Title
An Introduction to Partial Least Square Regression
Authors
Randall D. Tobias, SAS Institute Inc., Cary, NC
Summary
Partial Least Square(PLS) is a popular method for “soft” modelling in industrial application.
Introduction
Multiple linear regression(MLR) can be a good way to turn data into information when:
- Factors are few in number.
- Factors are not significantly redundant(collinear).
- Factors have a well-understood relationship to the response.
However, if any of these 3 conditions breaks down, MLR can be inefficient or inappropriate.
PLS is a method for constructing predictive models when factors are many and highly collinear. The emphasis is on predicting the responses and NOT necessarily on trying to understand the underlying relationship between variables. e.g. PLS is NOT usually appropriate to screening out factors,
How does PLS work?
MLR will overfit if the number of factors gets greater than the number of observations: get perfectly fit but fail to predict new data well.
“projection to latent structure” (“PLS”):
- Although there are many manifest factors, there may be only a few underlying or latent factors.
- The general idea of PLS is to try to extract these latent factors, accounting for as much of the manifest factor variation as possible while modeling the responses well.
Outline of the method:
- overall goal: use factors to predict the responses.
- Extract latent variable $T$ and $U$ from sampled factors and responses.
- $T$ (X-scores) are used to predict $U$ (Y-scores), then construct predictions for the responses.
This procedure actually covers various techniques, depending on which source of variation is considered most crucial.

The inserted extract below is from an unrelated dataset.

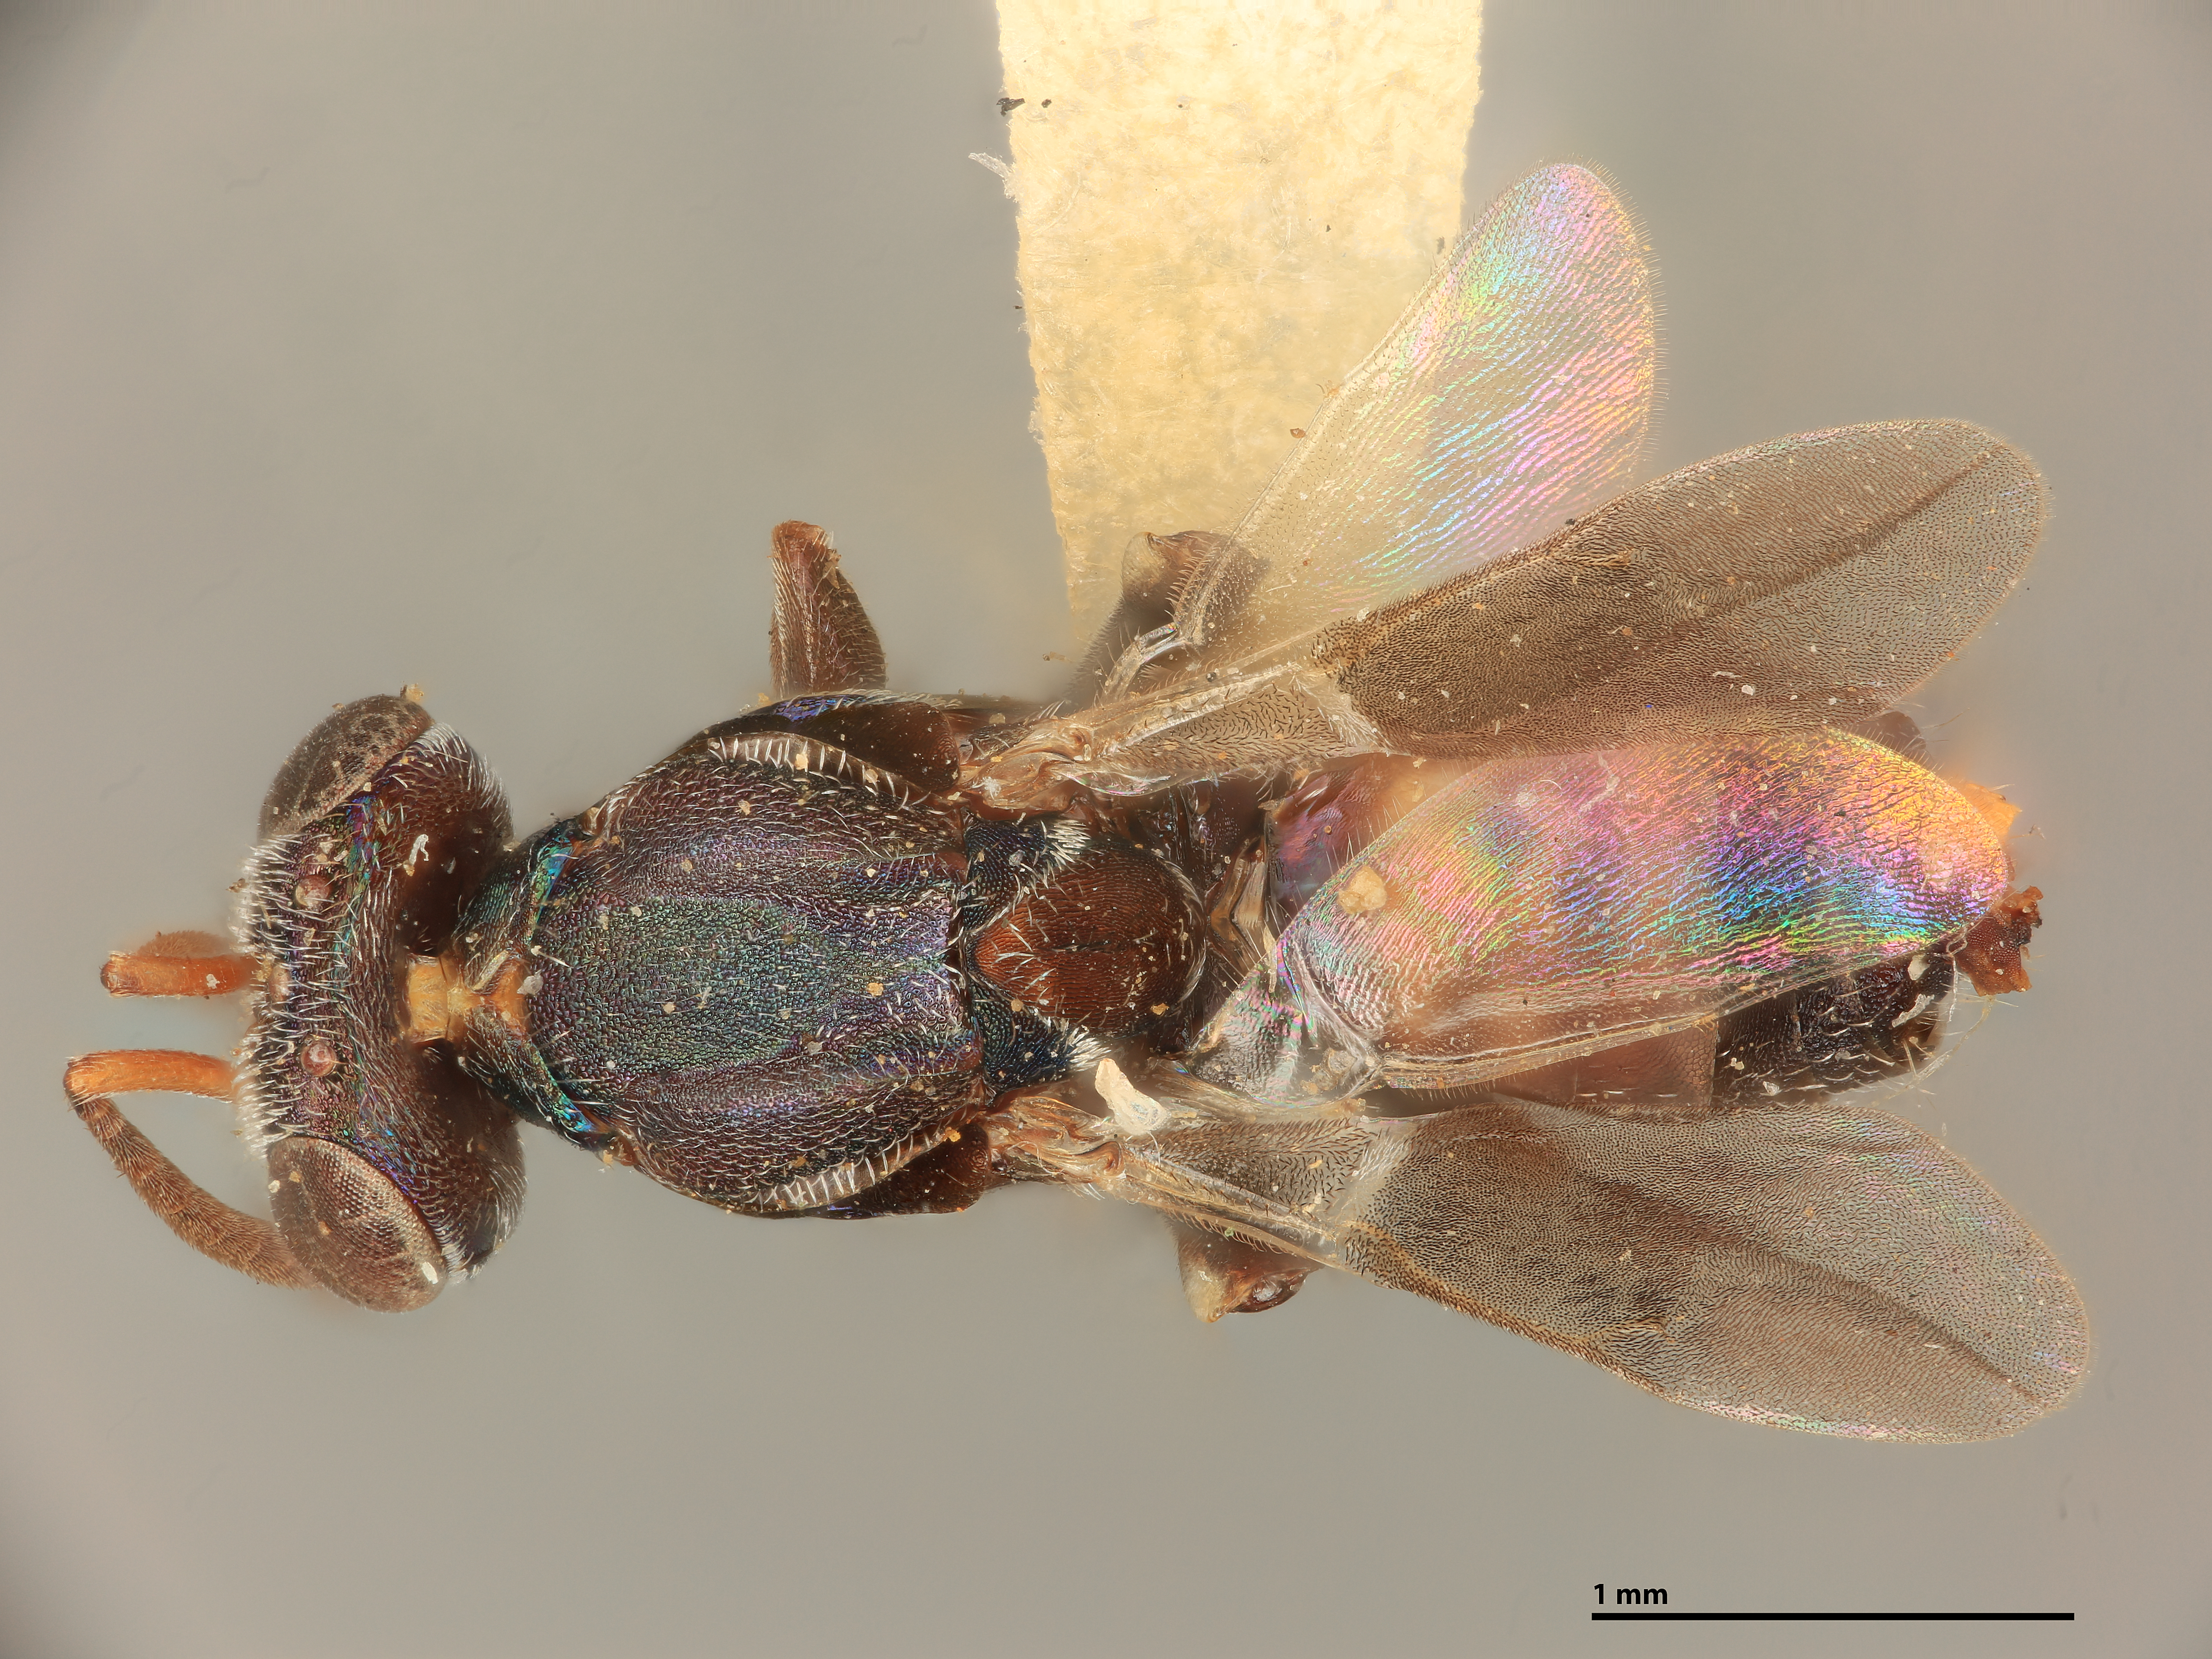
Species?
Lecaniobius utilis

- Principal Components Regression (PCR):
- X-scores are chosen to explain as much of the factor variation as possible, which yields informative directions in the factor space, but NOT be associated with the shape of the predicted surface.
- based on spectral decomposition of $X’X$.
- Maximum Redundancy Analysis (MRA):
- Y-scores are chosen to explain as much of the predicted Y variation as possible, which seeks direction in the factor space that are associated with the most variation in the responses, but the predictions may not be very accurate.
- based on spectral decomposition of $\hat{Y}’\hat{Y}$.
- Partial Least Squares:
- The X- and Y-scores are chosen so that the relationship between successive pairs of scores is as strong as possible. This is like a robust form of redundancy analysis, seeking directions in the factor space that are associated with high variation in the responses but biasing them toward directions that are accurately predicted.
- based on singular value decomposition of $X’Y$.
the precise number of extracted factors:
- If greater or equal to the rank of the sample factor space, then equivalent to MLR.
- usually a great deal fewer factors are required.
- usually chosen by some heuristic technique based on the amount of residual variation.
- (possible approach) construct PLS model for a given number of factors on training set of data and test it on another, choosing the number for which the total prediction error is minimized. (Minimum predicted residual sum of squares (PRESS)).
- (Pharsimony) choosing the least number of extracted factors whose residuals are not significantly greater than those with minimum error.
- If no test set available, do cross-validation.
Example
Discussion
other solutions for “soft” model:
- other factor extraction techniques, like PCR and MRA.
- ridge regression (RR)
- neural networks (NN)
RR and NN are probably the strongest competitors for PLS in terms of flexibility and robustness of the predictive models, but neither of them explicitly incorporates dimension reduction.
some other modifications and extensions of PLS:
- SIMPLS: it can be dramatically more efficient to compute when there are many factors.
- Continuum regression: adds a continuous parameter $\alpha \in [0, 1]$, allowing the modeling method to vary continuously between MLR ($\alpha = 0$), PLS ($\alpha = 0.5$), and PCR ($\alpha = 1$).
PLS has become an established tool in chemometric modeling, because it is often possible to interpret the extracted factors in terms of the underlying physical system. (derive “hard” modeling information from the soft model.)
Reference
- Tobias, Randall D.. “An Introduction to Partial Least Squares Regression.” (1996).